▶ **DIRECTIONS**:
The lines to be set down run from the line containing "2.4 sec passed since image 1." through the final line of the data below; print them exactly and print nothing else.

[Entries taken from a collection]
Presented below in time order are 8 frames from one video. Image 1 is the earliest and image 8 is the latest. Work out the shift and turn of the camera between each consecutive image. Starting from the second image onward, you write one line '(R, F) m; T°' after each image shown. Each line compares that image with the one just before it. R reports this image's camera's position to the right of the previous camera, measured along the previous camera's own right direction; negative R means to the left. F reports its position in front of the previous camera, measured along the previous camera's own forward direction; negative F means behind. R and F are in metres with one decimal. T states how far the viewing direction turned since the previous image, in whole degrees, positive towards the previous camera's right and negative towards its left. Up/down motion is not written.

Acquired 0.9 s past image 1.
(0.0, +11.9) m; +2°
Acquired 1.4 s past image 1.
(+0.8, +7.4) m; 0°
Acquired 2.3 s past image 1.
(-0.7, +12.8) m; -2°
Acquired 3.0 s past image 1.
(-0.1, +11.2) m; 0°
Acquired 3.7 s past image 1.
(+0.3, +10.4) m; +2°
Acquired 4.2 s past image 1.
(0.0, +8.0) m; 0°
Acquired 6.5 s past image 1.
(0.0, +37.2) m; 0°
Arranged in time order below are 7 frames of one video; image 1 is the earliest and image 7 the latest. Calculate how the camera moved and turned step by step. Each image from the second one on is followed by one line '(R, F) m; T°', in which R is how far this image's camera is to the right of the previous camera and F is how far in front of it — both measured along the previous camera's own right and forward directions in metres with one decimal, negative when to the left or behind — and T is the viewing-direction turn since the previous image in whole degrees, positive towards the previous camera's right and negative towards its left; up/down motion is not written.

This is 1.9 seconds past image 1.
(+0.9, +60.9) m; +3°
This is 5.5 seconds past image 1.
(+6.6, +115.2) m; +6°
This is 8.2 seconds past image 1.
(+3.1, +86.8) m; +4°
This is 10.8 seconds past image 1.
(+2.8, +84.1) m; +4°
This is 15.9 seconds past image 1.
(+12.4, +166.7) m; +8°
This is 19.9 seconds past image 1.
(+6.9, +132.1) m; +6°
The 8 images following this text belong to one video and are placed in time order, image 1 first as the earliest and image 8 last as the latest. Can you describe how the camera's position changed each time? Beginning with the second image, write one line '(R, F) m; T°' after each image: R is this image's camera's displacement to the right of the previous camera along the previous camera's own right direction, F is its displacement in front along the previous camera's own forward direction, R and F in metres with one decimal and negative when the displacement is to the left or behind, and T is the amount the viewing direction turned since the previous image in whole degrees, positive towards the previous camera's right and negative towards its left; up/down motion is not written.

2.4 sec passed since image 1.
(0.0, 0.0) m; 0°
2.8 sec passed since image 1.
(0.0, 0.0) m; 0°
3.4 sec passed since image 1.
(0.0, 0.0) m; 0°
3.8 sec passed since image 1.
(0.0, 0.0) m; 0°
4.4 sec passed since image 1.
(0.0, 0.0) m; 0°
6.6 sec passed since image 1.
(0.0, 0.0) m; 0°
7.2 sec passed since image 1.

▶ **YOUR RESPONSE**:
2.4 sec passed since image 1.
(0.0, 0.0) m; 0°
2.8 sec passed since image 1.
(0.0, 0.0) m; 0°
3.4 sec passed since image 1.
(0.0, 0.0) m; 0°
3.8 sec passed since image 1.
(0.0, 0.0) m; 0°
4.4 sec passed since image 1.
(0.0, 0.0) m; 0°
6.6 sec passed since image 1.
(0.0, 0.0) m; 0°
7.2 sec passed since image 1.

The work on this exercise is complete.